Principle:Recommenders team Recommenders Benchmark Results Compilation
| Knowledge Sources | |
|---|---|
| Domains | Recommender Systems, Benchmarking, Analysis |
| Last Updated | 2026-02-10 00:00 GMT |
Overview
Compiling and analyzing benchmark results aggregates metrics and timing data from multiple algorithms into comparison tables for algorithm selection.
Description
After running each algorithm through the prepare-train-predict-evaluate pipeline, the benchmark produces a collection of metric dictionaries and Timer objects for each algorithm. The Results Compilation principle defines how these individual results are aggregated into a single comparison DataFrame that enables side-by-side analysis.
The compilation process:
- Collects timing data (training time, prediction time, recommendation time) from Timer objects.

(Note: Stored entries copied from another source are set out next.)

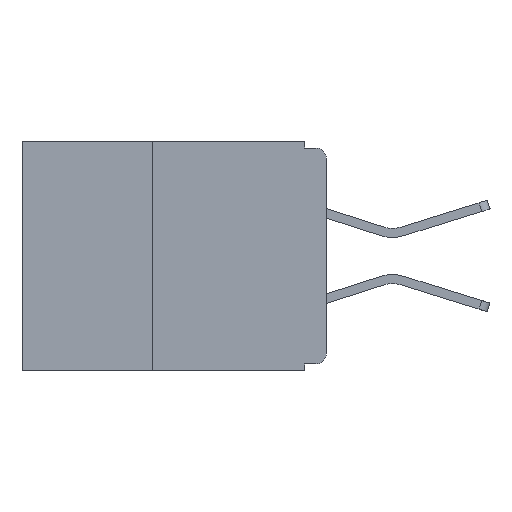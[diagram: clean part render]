
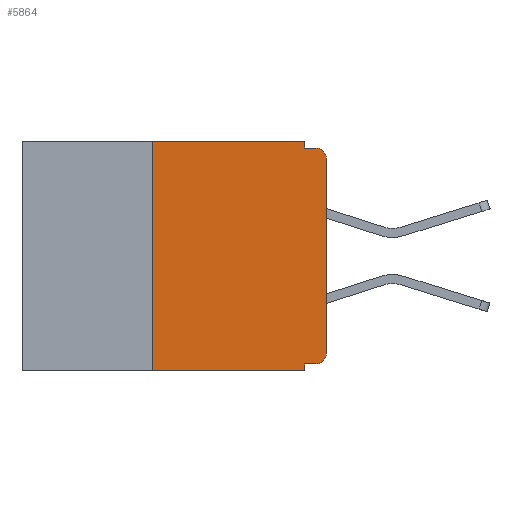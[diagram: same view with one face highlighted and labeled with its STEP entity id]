
A CAD part, left-side view. The second image highlights one B-rep face of the part: STEP entity #5864.
In plain terms, the highlighted planar face has unit normal (-1, 0, 0).
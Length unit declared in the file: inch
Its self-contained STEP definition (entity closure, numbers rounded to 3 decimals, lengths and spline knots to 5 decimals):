
#74 = DIRECTION ( 'NONE',  ( 0., -1., 0. ) ) ;
#548 = DIRECTION ( 'NONE',  ( 0., 0., -1. ) ) ;
#2129 = DIRECTION ( 'NONE',  ( 1., 0., 0. ) ) ;
#2425 = VERTEX_POINT ( 'NONE', #22206 ) ;
#4514 = CARTESIAN_POINT ( 'NONE',  ( 0., 0.25, -0.33 ) ) ;
#4549 = VERTEX_POINT ( 'NONE', #8411 ) ;
#4669 = VECTOR ( 'NONE', #12065, 39.37008 ) ;
#5067 = VERTEX_POINT ( 'NONE', #28691 ) ;
#5191 = LINE ( 'NONE', #11651, #16646 ) ;
#5864 = ADVANCED_FACE ( 'NONE', ( #14338 ), #24859, .F. ) ;
#6230 = EDGE_CURVE ( 'NONE', #18835, #11416, #17138, .T. ) ;
#6459 = CARTESIAN_POINT ( 'NONE',  ( 0., 0., -0.305 ) ) ;
#6701 = ORIENTED_EDGE ( 'NONE', *, *, #6230, .F. ) ;
#6873 = DIRECTION ( 'NONE',  ( -1., 0., 0. ) ) ;
#7047 = CARTESIAN_POINT ( 'NONE',  ( 0., 0.25, 0. ) ) ;
#7472 = DIRECTION ( 'NONE',  ( 0., 0., 1. ) ) ;
#7564 = AXIS2_PLACEMENT_3D ( 'NONE', #11364, #2129, #18210 ) ;
#7616 = VECTOR ( 'NONE', #28130, 39.37008 ) ;
#7693 = CARTESIAN_POINT ( 'NONE',  ( 0., 0., -0.01 ) ) ;
#8411 = CARTESIAN_POINT ( 'NONE',  ( 0., 0., -0.025 ) ) ;
#8698 = CARTESIAN_POINT ( 'NONE',  ( 0., 0.015, -0.025 ) ) ;
#8902 = VERTEX_POINT ( 'NONE', #19303 ) ;
#9108 = EDGE_LOOP ( 'NONE', ( #21149, #22345, #23783, #25678, #25903, #26260, #27175, #12866, #6701, #20701 ) ) ;
#9527 = CARTESIAN_POINT ( 'NONE',  ( 0., 0.031, 0. ) ) ;
#9559 = VERTEX_POINT ( 'NONE', #26052 ) ;
#10677 = VERTEX_POINT ( 'NONE', #6459 ) ;
#11013 = DIRECTION ( 'NONE',  ( 0., 0., -1. ) ) ;
#11364 = CARTESIAN_POINT ( 'NONE',  ( 0., 0.437, 0. ) ) ;
#11416 = VERTEX_POINT ( 'NONE', #22603 ) ;
#11651 = CARTESIAN_POINT ( 'NONE',  ( 0., 0.437, 0. ) ) ;
#11838 = DIRECTION ( 'NONE',  ( 0., 0., -1. ) ) ;
#12065 = DIRECTION ( 'NONE',  ( 0., -1., 0. ) ) ;
#12866 = ORIENTED_EDGE ( 'NONE', *, *, #15826, .F. ) ;
#13375 = EDGE_CURVE ( 'NONE', #8902, #9559, #24982, .T. ) ;
#14338 = FACE_OUTER_BOUND ( 'NONE', #9108, .T. ) ;
#15826 = EDGE_CURVE ( 'NONE', #11416, #27385, #16917, .T. ) ;
#16029 = EDGE_CURVE ( 'NONE', #18835, #10677, #24622, .T. ) ;
#16418 = VECTOR ( 'NONE', #24049, 39.37008 ) ;
#16578 = VERTEX_POINT ( 'NONE', #7047 ) ;
#16646 = VECTOR ( 'NONE', #74, 39.37008 ) ;
#16868 = LINE ( 'NONE', #23283, #4669 ) ;
#16917 = LINE ( 'NONE', #27894, #28207 ) ;
#16968 = VECTOR ( 'NONE', #7472, 39.37008 ) ;
#17138 = LINE ( 'NONE', #21807, #16418 ) ;
#17342 = EDGE_CURVE ( 'NONE', #2425, #27385, #16868, .T. ) ;
#18085 = LINE ( 'NONE', #4514, #24041 ) ;
#18210 = DIRECTION ( 'NONE',  ( 0., 0., -1. ) ) ;
#18396 = LINE ( 'NONE', #25526, #16968 ) ;
#18835 = VERTEX_POINT ( 'NONE', #23990 ) ;
#19303 = CARTESIAN_POINT ( 'NONE',  ( 0., 0.031, -0.01 ) ) ;
#20191 = CIRCLE ( 'NONE', #28175, 0.015 ) ;
#20354 = EDGE_CURVE ( 'NONE', #2425, #16578, #18085, .T. ) ;
#20546 = CARTESIAN_POINT ( 'NONE',  ( 0., 0.015, -0.305 ) ) ;
#20701 = ORIENTED_EDGE ( 'NONE', *, *, #16029, .T. ) ;
#21149 = ORIENTED_EDGE ( 'NONE', *, *, #22419, .T. ) ;
#21804 = EDGE_CURVE ( 'NONE', #16578, #5067, #5191, .T. ) ;
#21807 = CARTESIAN_POINT ( 'NONE',  ( 0., 0., -0.32 ) ) ;
#21836 = EDGE_CURVE ( 'NONE', #5067, #8902, #28647, .T. ) ;
#21917 = VECTOR ( 'NONE', #11838, 39.37008 ) ;
#22206 = CARTESIAN_POINT ( 'NONE',  ( 0., 0.25, -0.33 ) ) ;
#22345 = ORIENTED_EDGE ( 'NONE', *, *, #28123, .T. ) ;
#22419 = EDGE_CURVE ( 'NONE', #10677, #4549, #18396, .T. ) ;
#22603 = CARTESIAN_POINT ( 'NONE',  ( 0., 0.031, -0.32 ) ) ;
#22756 = DIRECTION ( 'NONE',  ( 0., 0., -1. ) ) ;
#23283 = CARTESIAN_POINT ( 'NONE',  ( 0., 0.437, -0.33 ) ) ;
#23783 = ORIENTED_EDGE ( 'NONE', *, *, #13375, .F. ) ;
#23990 = CARTESIAN_POINT ( 'NONE',  ( 0., 0.015, -0.32 ) ) ;
#24041 = VECTOR ( 'NONE', #29512, 39.37008 ) ;
#24049 = DIRECTION ( 'NONE',  ( 0., 1., 0. ) ) ;
#24244 = AXIS2_PLACEMENT_3D ( 'NONE', #20546, #6873, #22756 ) ;
#24528 = DIRECTION ( 'NONE',  ( -1., 0., 0. ) ) ;
#24622 = CIRCLE ( 'NONE', #24244, 0.015 ) ;
#24859 = PLANE ( 'NONE',  #7564 ) ;
#24982 = LINE ( 'NONE', #7693, #7616 ) ;
#25526 = CARTESIAN_POINT ( 'NONE',  ( 0., 0., 0. ) ) ;
#25678 = ORIENTED_EDGE ( 'NONE', *, *, #21836, .F. ) ;
#25903 = ORIENTED_EDGE ( 'NONE', *, *, #21804, .F. ) ;
#26052 = CARTESIAN_POINT ( 'NONE',  ( 0., 0.015, -0.01 ) ) ;
#26260 = ORIENTED_EDGE ( 'NONE', *, *, #20354, .F. ) ;
#27175 = ORIENTED_EDGE ( 'NONE', *, *, #17342, .T. ) ;
#27385 = VERTEX_POINT ( 'NONE', #28624 ) ;
#27894 = CARTESIAN_POINT ( 'NONE',  ( 0., 0.031, -0.33 ) ) ;
#28123 = EDGE_CURVE ( 'NONE', #4549, #9559, #20191, .T. ) ;
#28130 = DIRECTION ( 'NONE',  ( 0., -1., 0. ) ) ;
#28175 = AXIS2_PLACEMENT_3D ( 'NONE', #8698, #24528, #11013 ) ;
#28207 = VECTOR ( 'NONE', #548, 39.37008 ) ;
#28624 = CARTESIAN_POINT ( 'NONE',  ( 0., 0.031, -0.33 ) ) ;
#28647 = LINE ( 'NONE', #9527, #21917 ) ;
#28691 = CARTESIAN_POINT ( 'NONE',  ( 0., 0.031, 0. ) ) ;
#29512 = DIRECTION ( 'NONE',  ( 0., 0., 1. ) ) ;

- Collects rating metrics (RMSE, MAE, R2, Explained Variance) where available, using NaN for algorithms that do not produce rating predictions.

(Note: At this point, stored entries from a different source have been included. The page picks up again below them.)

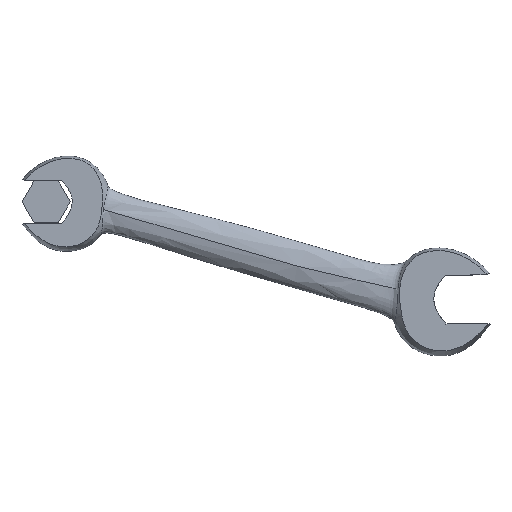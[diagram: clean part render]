
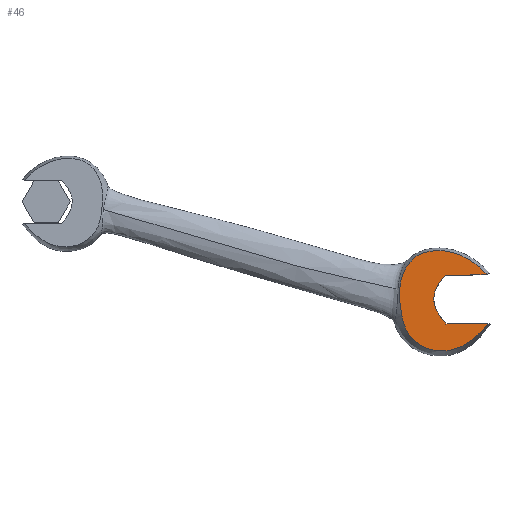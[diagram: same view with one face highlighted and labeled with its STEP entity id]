
A CAD part, top view. The second image highlights one B-rep face of the part: STEP entity #46.
In plain terms, the highlighted free-form (B-spline) face has degree [1, 1] with [2, 2] control points.
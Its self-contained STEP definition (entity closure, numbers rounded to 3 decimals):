
#46=ADVANCED_FACE($,(#82),#450,.T.);
#82=FACE_OUTER_BOUND($,#118,.T.);
#118=EDGE_LOOP($,(#192,#193,#194,#195));
#192=ORIENTED_EDGE($,*,*,#345,.T.);
#193=ORIENTED_EDGE($,*,*,#336,.T.);
#194=ORIENTED_EDGE($,*,*,#333,.T.);
#195=ORIENTED_EDGE($,*,*,#335,.T.);
#333=EDGE_CURVE($,#405,#406,#501,.T.);
#335=EDGE_CURVE($,#406,#423,#503,.T.);
#336=EDGE_CURVE($,#407,#405,#504,.T.);
#345=EDGE_CURVE($,#423,#407,#513,.T.);
#405=VERTEX_POINT($,#3163);
#406=VERTEX_POINT($,#3164);
#407=VERTEX_POINT($,#3165);
#423=VERTEX_POINT($,#3181);
#450=B_SPLINE_SURFACE_WITH_KNOTS($,1,1,((#2198,#2199),(#2200,#2201)),.UNSPECIFIED.,
.F.,.F.,.F.,(2,2),(2,2),(0.523,68.004),(-46.363,
24.731),.UNSPECIFIED.);
#501=B_SPLINE_CURVE_WITH_KNOTS($,3,(#940,#941,#942,#943,#944),.UNSPECIFIED.,
.F.,.F.,(4,1,4),(-37.98,-17.328,0.),.UNSPECIFIED.);
#503=B_SPLINE_CURVE_WITH_KNOTS($,1,(#947,#948),.UNSPECIFIED.,.F.,.F.,(2,
2),(-29.741,-0.003),.UNSPECIFIED.);
#504=B_SPLINE_CURVE_WITH_KNOTS($,1,(#949,#950),.UNSPECIFIED.,.F.,.F.,(2,
2),(-93.677,-63.936),.UNSPECIFIED.);
#513=B_SPLINE_CURVE_WITH_KNOTS($,3,(#1048,#1049,#1050,#1051,#1052,#1053,
#1054,#1055,#1056,#1057,#1058,#1059,#1060,#1061,#1062,#1063,#1064,#1065,
#1066,#1067,#1068,#1069,#1070,#1071,#1072,#1073,#1074,#1075,#1076,#1077,
#1078,#1079,#1080,#1081,#1082,#1083,#1084,#1085,#1086,#1087,#1088,#1089,
#1090,#1091,#1092,#1093,#1094,#1095),.UNSPECIFIED.,.F.,.F.,(4,2,2,2,2,2,
1,1,1,2,2,2,2,1,1,1,2,2,2,2,2,2,1,1,1,2,2,1,4),(18.575,22.077,
26.492,35.323,52.985,61.816,67.979,
70.646,73.314,75.982,81.317,91.987,
102.657,109.993,113.327,116.661,119.995,
126.662,133.329,139.997,146.664,153.331,
159.999,166.666,173.334,183.754,192.298,
196.57,200.842),.UNSPECIFIED.);
#940=CARTESIAN_POINT($,(151.18,-54.506,22.));
#941=CARTESIAN_POINT($,(145.783,-48.905,22.));
#942=CARTESIAN_POINT($,(136.969,-34.163,22.));
#943=CARTESIAN_POINT($,(146.217,-20.537,22.));
#944=CARTESIAN_POINT($,(150.539,-15.763,22.));
#947=CARTESIAN_POINT($,(150.539,-15.763,22.));
#948=CARTESIAN_POINT($,(183.996,-15.242,22.));
#949=CARTESIAN_POINT($,(184.641,-53.985,22.));
#950=CARTESIAN_POINT($,(151.18,-54.506,22.));
#1048=CARTESIAN_POINT($,(183.996,-15.242,22.));
#1049=CARTESIAN_POINT($,(183.143,-14.235,22.));
#1050=CARTESIAN_POINT($,(182.244,-13.267,22.));
#1051=CARTESIAN_POINT($,(180.156,-11.139,22.));
#1052=CARTESIAN_POINT($,(178.938,-10.005,22.));
#1053=CARTESIAN_POINT($,(175.151,-6.762,22.));
#1054=CARTESIAN_POINT($,(172.441,-4.817,22.));
#1055=CARTESIAN_POINT($,(163.891,0.275,22.));
#1056=CARTESIAN_POINT($,(157.574,2.694,22.));
#1057=CARTESIAN_POINT($,(147.723,4.077,22.));
#1058=CARTESIAN_POINT($,(144.389,4.165,22.));
#1059=CARTESIAN_POINT($,(138.794,3.598,22.));
#1060=CARTESIAN_POINT($,(135.525,2.965,22.));
#1061=CARTESIAN_POINT($,(131.469,1.475,22.));
#1062=CARTESIAN_POINT($,(128.775,0.134,22.));
#1063=CARTESIAN_POINT($,(127.1,-0.973,22.));
#1064=CARTESIAN_POINT($,(124.706,-2.795,22.));
#1065=CARTESIAN_POINT($,(123.271,-4.217,22.));
#1066=CARTESIAN_POINT($,(119.466,-8.894,22.));
#1067=CARTESIAN_POINT($,(117.585,-12.52,22.));
#1068=CARTESIAN_POINT($,(115.001,-20.145,22.));
#1069=CARTESIAN_POINT($,(114.351,-24.164,22.));
#1070=CARTESIAN_POINT($,(114.054,-30.956,22.));
#1071=CARTESIAN_POINT($,(114.189,-34.992,22.));
#1072=CARTESIAN_POINT($,(114.745,-40.252,22.));
#1073=CARTESIAN_POINT($,(115.272,-43.993,22.));
#1074=CARTESIAN_POINT($,(115.677,-46.479,22.));
#1075=CARTESIAN_POINT($,(116.359,-50.194,22.));
#1076=CARTESIAN_POINT($,(116.926,-52.655,22.));
#1077=CARTESIAN_POINT($,(118.547,-57.423,22.));
#1078=CARTESIAN_POINT($,(119.638,-59.712,22.));
#1079=CARTESIAN_POINT($,(122.388,-63.923,22.));
#1080=CARTESIAN_POINT($,(124.019,-65.859,22.));
#1081=CARTESIAN_POINT($,(127.692,-69.281,22.));
#1082=CARTESIAN_POINT($,(129.735,-70.769,22.));
#1083=CARTESIAN_POINT($,(134.132,-73.177,22.));
#1084=CARTESIAN_POINT($,(136.477,-74.103,22.));
#1085=CARTESIAN_POINT($,(141.312,-75.401,22.));
#1086=CARTESIAN_POINT($,(146.287,-76.151,22.));
#1087=CARTESIAN_POINT($,(153.817,-75.678,22.));
#1088=CARTESIAN_POINT($,(162.432,-73.218,22.));
#1089=CARTESIAN_POINT($,(168.062,-70.023,22.));
#1090=CARTESIAN_POINT($,(173.825,-65.836,22.));
#1091=CARTESIAN_POINT($,(176.249,-63.708,22.));
#1092=CARTESIAN_POINT($,(179.608,-60.251,22.));
#1093=CARTESIAN_POINT($,(181.754,-57.854,22.));
#1094=CARTESIAN_POINT($,(183.715,-55.301,22.));
#1095=CARTESIAN_POINT($,(184.641,-53.985,22.));
#2198=CARTESIAN_POINT($,(175.146,15.436,22.));
#2199=CARTESIAN_POINT($,(199.285,-61.396,22.));
#2200=CARTESIAN_POINT($,(102.754,-7.548,22.));
#2201=CARTESIAN_POINT($,(126.893,-84.38,22.));
#3163=CARTESIAN_POINT($,(151.18,-54.506,22.));
#3164=CARTESIAN_POINT($,(150.539,-15.763,22.));
#3165=CARTESIAN_POINT($,(184.641,-53.985,22.));
#3181=CARTESIAN_POINT($,(183.996,-15.242,22.));

- Collects ranking metrics (MAP, nDCG@k, Precision@k, Recall@k) where available.
- Merges all results into a single DataFrame with one row per (dataset_size, algorithm) combination and columns for all metrics.
This unified results table supports:
- Algorithm comparison: Which algorithm achieves the best ranking/rating metrics?
- Performance analysis: Which algorithms are fastest to train and predict?
- Tradeoff analysis: How do accuracy and speed trade off across algorithms?
- Scalability analysis: How do metrics and timing change across dataset sizes (100K, 1M, 10M, 20M)?
Usage
Use this principle at the end of a benchmark run to compile all individual algorithm results into a comparison table. The compiled DataFrame is the primary artifact for algorithm selection decisions.
Theoretical Basis
The results compilation follows a collect-merge-analyze pattern:
For each (data_size, algorithm) pair:
summary = {
"Data": data_size,
"Algo": algorithm_name,
"K": top_k_value,
"Train time (s)": timer_train.interval,
"Predicting time (s)": timer_rating.interval or NaN,
"Recommending time (s)": timer_ranking.interval or NaN,
"RMSE": rating_metrics["RMSE"] or NaN,
"MAE": rating_metrics["MAE"] or NaN,
"R2": rating_metrics["R2"] or NaN,
"Explained Variance": rating_metrics["Explained Variance"] or NaN,
"MAP": ranking_metrics["MAP"] or NaN,
"nDCG@k": ranking_metrics["nDCG@k"] or NaN,
"Precision@k": ranking_metrics["Precision@k"] or NaN,
"Recall@k": ranking_metrics["Recall@k"] or NaN,
}
Append summary as a row to df_results
Algorithms that do not support a particular metric type (e.g., SAR does not produce rating predictions) have NaN in the corresponding columns. This design choice keeps the table uniform and avoids separate tables for different metric subsets.